遺伝的な設計図としてのDNAの明瞭な特色はその自己複製能力である。しかしながら、細胞において、この複製プロセスには多数の精緻な酵素の助けが必要となる。生命の起源において、酵素が存在する前に、DNA、或いはその前駆体はどのようにして複製をしていたのであろうか?Uraたち(p.73,6月11号電子版)は、酵素の無い溶液中でその配列をダイナミックに調節する、合成DNA類似体を作るという長年探求されてきた目標に到達した。その類似体(未だ単に20ユニットの比較的短いオリゴマーでの研究ではあるが)は、DNAの糖とリン酸の骨格をペプチド鎖骨格に置き換え、ペプチド鎖中のシステインがチオエステル結合により一般的なDNA塩基に可逆的に結合する。これらのペプチド鎖は真のDNAの相補的配列と対形成し、更に一個の結合した塩基が他の塩基(様々なDNA鋳型鎖が次々に溶液中に追加された場合)に交換される。(KU)
Self-Assembling Sequence-Adaptive Peptide Nucleic Acids
p. 73-77.

障壁を壊す(Breaking Barrier)

アルツハイマーやパーキンソン病といった変性疾患を治療するため、脳内に薬を輸送するには血液脳関門(blood-brain barrier:BBB)を横切る必要がある。このような薬物療法の設計には、BBBに存在する非常に特異的な粘着接合部(AJ)と密着結合部の形成の理解が必須である。しかしながら、これら細胞間結合部の形成に関与するある一つの成分の発現の減少により、結合部が破壊される。Coureuilたち(p.83,6月11日号電子版)は、髄膜炎菌によるAJタンパク質の特異的な補充を開発し、このプロセスを解析した。人脳血管内皮細胞へのこの細菌の接着により、真核細胞の極性の確立と細胞間結合部の形成に必要な極性複合体であるPar3/Par6/PKCが補充された。極性複合体の細菌による補充により、脳-内皮界面での細胞間結合部に向いている細胞-細胞界面部での接合タンパク質が枯渇した。(KU)
Meningococcal Type IV Pili Recruit the Polarity Complex to Cross the Brain Endothelium
p. 83-87.

生体アミン受容体(Biogenic Amine Receptors)

生体アミンは、ヒトや他の動物における行動に重要な影響をもたらす。これらの薬剤はヘテロ三量体グアニンヌクレオチド-結合タンパク質(Gタンパク質)-結合受容体への結合によって作用するが、リガンド-開閉イオンチャネルをも活性化する。Ringstadたち(p.96)は、線虫において生体アミンに応答するイオンチャネルのファミリーを調べ、そしてクロライドチャネルとして機能している二つのファミリーメンバーを解析した。一つはドーパミンにより活性化される受容体であり、抗精神病薬としてヒトに使用されている薬に結合する。もう一つはチラミンにより活性化され、このものは遺伝的研究において行動を調節することが知られている。このように、生体アミン-活性化チャネルに関する線虫のファミリーは、以前認識されたよりも多い。同じことがヒトにも当てはまるとすると、関連したチャネルは、ある程度今日使用されている薬の効果を説明するものであり、薬物療法の開発における有用な標的になるはずである。(KU)
Ligand-Gated Chloride Channels Are Receptors for Biogenic Amines in C. elegans
p. 96-100.

コレステロール制御への信仰(Idolizing Cholesterol Control)

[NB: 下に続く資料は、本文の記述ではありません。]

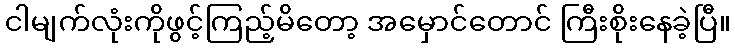
ငါမျက်လုံးကိုဖွင့်ကြည့်မိတော့ အမှောင်တောင် ကြီးစိုးနေခဲ့ပြီ။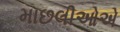
માછલીઓએ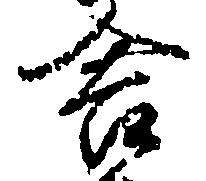
舎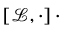
\left[ \mathscr { L } , \cdot \right] \cdot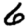
Digit: 6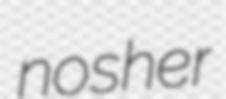
nosher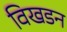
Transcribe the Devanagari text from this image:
विखडन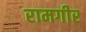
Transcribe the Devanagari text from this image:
रामगीर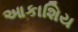
આકાશિય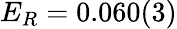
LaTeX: E_{R}=0.060(3)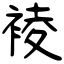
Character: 裬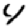
Digit: 4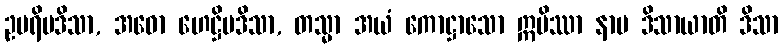
ဥပရိမဒိသာ, အဓော ဟေဋ္ဌိမဒိသာ, တသ္မာ အယံ ကောဋ္ဌာသော ဣမိဿာ နာမ ဒိသာယာတိ ဒိသာ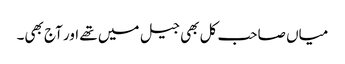
میاں صاحب کل بھی جیل میں تھے اور آج بھی۔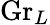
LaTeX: \mathrm{Gr}_{L}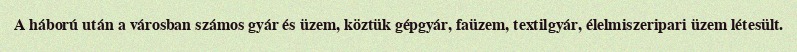
A háború után a városban számos gyár és üzem, köztük gépgyár, faüzem, textilgyár, élelmiszeripari üzem létesült.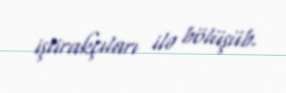
iştirakçıları ilə bölüşüb.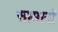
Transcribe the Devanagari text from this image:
सामानॉ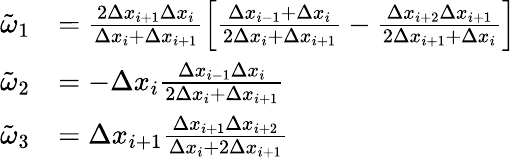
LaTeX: \begin{array}{rl}{\tilde{\omega}_{1}}&{=\frac{2\Delta x_{i+1}\Delta x_{i}}{\Delta x_{i}+\Delta x_{i+1}}\left[\frac{\Delta x_{i-1}+\Delta x_{i}}{2\Delta x_{i}+\Delta x_{i+1}}-\frac{\Delta x_{i+2}\Delta x_{i+1}}{2\Delta x_{i+1}+\Delta x_{i}}\right]}\\ {\tilde{\omega}_{2}}&{=-\Delta x_{i}\frac{\Delta x_{i-1}\Delta x_{i}}{2\Delta x_{i}+\Delta x_{i+1}}}\\ {\tilde{\omega}_{3}}&{=\Delta x_{i+1}\frac{\Delta x_{i+1}\Delta x_{i+2}}{\Delta x_{i}+2\Delta x_{i+1}}}\end{array}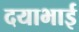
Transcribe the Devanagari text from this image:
दयाभाई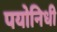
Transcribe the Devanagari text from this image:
पयोनिधी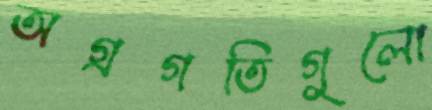
অগ্রগতিগুলো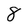
Character: 8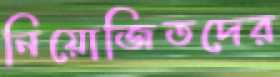
নিয়োজিতদের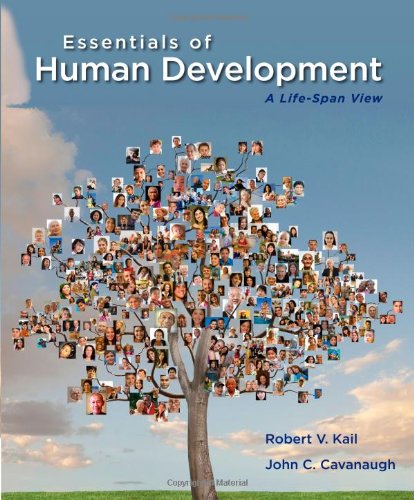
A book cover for Essentials of Human Development: A Life-Span View (Explore Our New Psychology 1st Editions); Robert V. Kail; Health, Fitness & Dieting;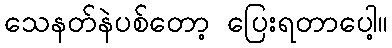
သေနတ်နဲပစ်တော့ ပြေးရတာပေါ့။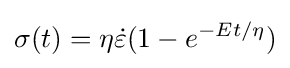
\sigma (t)=\eta {\dot {\varepsilon }}(1-e^{-Et/\eta })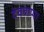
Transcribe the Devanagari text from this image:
देवबाप्पा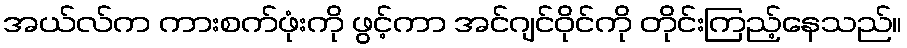
အယ်လ်က ကားစက်ဖုံးကို ဖွင့်ကာ အင်ဂျင်ဝိုင်ကို တိုင်းကြည့်နေသည်။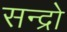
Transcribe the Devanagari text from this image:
सन्द्रो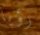
رؤيا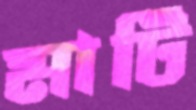
মাটি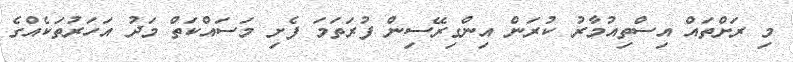
މި ރަށްތައް އިސްތިއުމާރު ކުރަން އިންގިރޭސިން ފުރަތަމަ ފެށި މަސައްކަތް މަދު އަހަރުތަކެއްގެ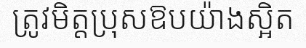
ត្រូវមិត្តប្រុសឱបយ៉ាងស្អិត
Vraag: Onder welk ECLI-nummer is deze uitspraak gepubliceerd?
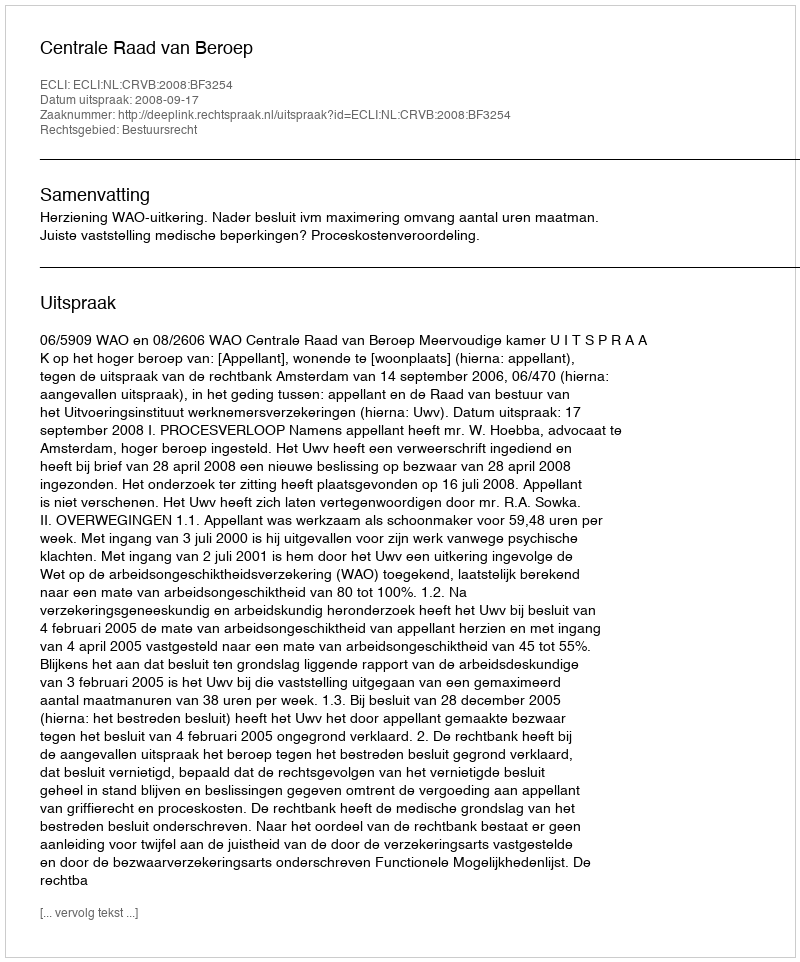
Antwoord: ECLI:NL:CRVB:2008:BF3254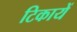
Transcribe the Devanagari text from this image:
टिकायें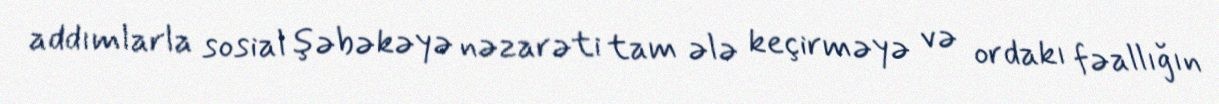
addımlarla sosial şəbəkəyə nəzarəti tam ələ keçirməyə və ordakı fəallığın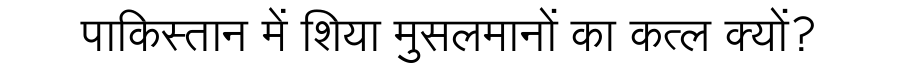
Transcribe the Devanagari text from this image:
पाकिस्तान में शिया मुसलमानों का कत्ल क्यों?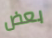
بعض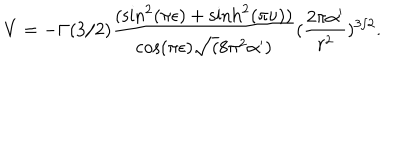
V = - \Gamma ( 3 / 2 ) \frac { ( \sin ^ { 2 } ( \pi \epsilon ) + \sinh ^ { 2 } ( \pi \nu ) ) } { \cos ( \pi \epsilon ) \sqrt ( 8 \pi ^ { 2 } \alpha ^ { \prime } ) } ( \frac { 2 \pi \alpha ^ { \prime } } { r ^ { 2 } } ) ^ { 3 / 2 } .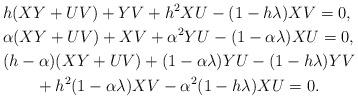
LaTeX: \begin{align*}& h(XY+UV)+YV+h^2XU-(1-h\lambda)XV=0, \\& \alpha (XY+UV)+XV+\alpha^2YU-(1-\alpha\lambda)XU=0, \\& (h-\alpha)(XY+UV)+(1-\alpha\lambda)YU-(1-h\lambda)YV \\& \qquad+h^2(1-\alpha\lambda)XV-\alpha^2(1-h\lambda)XU=0.\end{align*}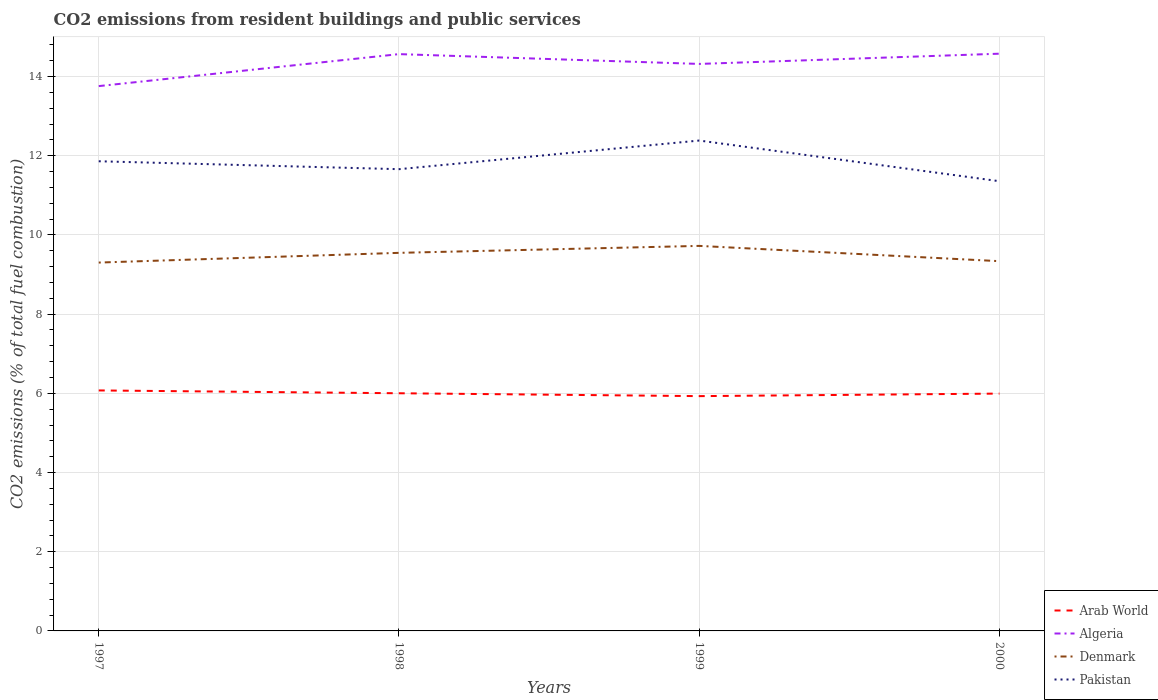
| Years | Arab World | Algeria | Denmark | Pakistan |
 | --- | --- | --- | --- | --- |
 | 1997 | 6.07 | 13.8 | 9.3 | 11.9 |
 | 1998 | 6 | 14.6 | 9.55 | 11.7 |
 | 1999 | 5.93 | 14.3 | 9.72 | 12.4 |
 | 2000 | 5.99 | 14.6 | 9.34 | 11.4 |

低密度リポタンパク質受容体 (LDLR)は、いわゆる「悪玉」コレステロール粒子、LDLを血液中から除去するが、そのメカニズムはLDL結合と肝細胞中への内部移行を含む。ところで、心疾患リスクにおいてLDLRは中心的役割を演ずるがため、その発現が制御される様子を理解することに注目が集まっており、以前の研究の多くから、転写調節の重要性が確立された。最近の研究において、タンパク分解のレベルにおいて、LDLRを制御するように見えるシグナル経路を見つけた。Zelcer たち(p. 100, および、6月11日号電子版)は、LXRと呼ばれるステロール-応答性の転写制御因子がIdol(LDLRの誘導性分解剤として)の発現を制御していることを示した。これは受容体のユビキチン結合をトリガーし、分解へと向かわせるタンパク質の一つである。この経路の活性化によってLDLの細胞への取り込みを抑制し、マウスモデルにおいて、より高い血漿LDLレベルへと導き、この経路が薬学的に血漿コレステロールレベルを制御する可能性を高めた。(Ej,hE)
LXR Regulates Cholesterol Uptake Through Idol-Dependent Ubiquitination of the LDL Receptor
p. 100-104.

視覚的記憶の調節(Modulating Visual Memory)

二次視覚野V2のレイヤー3(第3層)は、視覚情報処理においてある役割を果たしている。しかしながら、レイヤー3とは対照的に、視覚野のレイヤー6(第6層)は多くの型のニューロンから構成されていて、視覚刺激へのそれらの応答もより複雑である。視覚情報処理におけるレイヤー6の重要性は今のところ謎のままである。Lopez-Arandaたちは、ラットの視覚野におけるレイヤー6の役割を、短期および長期の視覚的記憶の処理のいずれにおいても調査した(p. 87; またSaksidaによる展望記事参照のこと)。視覚野V2のレイヤー6からニューロンを除去すると、正常な記憶はすっかり失われることになった。しかしながら、同じ領域でRGS-14と呼ばれるタンパク質の過剰発現があると、通常の45分ではなく何ヶ月にもわたってラットが視覚情報を保持するほどまで、視覚的記憶能力が後押しされたのである。(KF)
Role of Layer 6 of V2 Visual Cortex in Object-Recognition Memory
p. 87-89.

修飾因子の修飾(Modifying the Modifier)

タンパク質の共有結合的修飾は、それによってタンパク質の機能が制御される重要な手段を提供している。たとえば、酸素添加酵素によって触媒されることによる水酸化は、低酸素への応答において重要な役割を果たしている。ヒトのタンパク質Jmjd6は酸素添加酵素として作用し、アルギニン-2のヒストンH3と、アルギニン-3のヒストンH4の脱メチル化を触媒していると考えられてきた。Webbyたちはこのたび、Jmjd6がメッセンジャーRNAスプライシング因子U2AF65と相互作用し、リジン残基にあるこのタンパク質をヒドロキシル化するよう作用していることを示している(p. 90)。修飾は生体内でも観察された。さらに、Jmjd6は内在性遺伝子および導入されたミニ遺伝子双方の選択的スプライシングも調節しているのである。(KF)
Jmjd6 Catalyses Lysyl-Hydroxylation of U2AF65, a Protein Associated with RNA Splicing
p. 90-93.

ポリコームに糖を(Putting the Sugar on Polycomb)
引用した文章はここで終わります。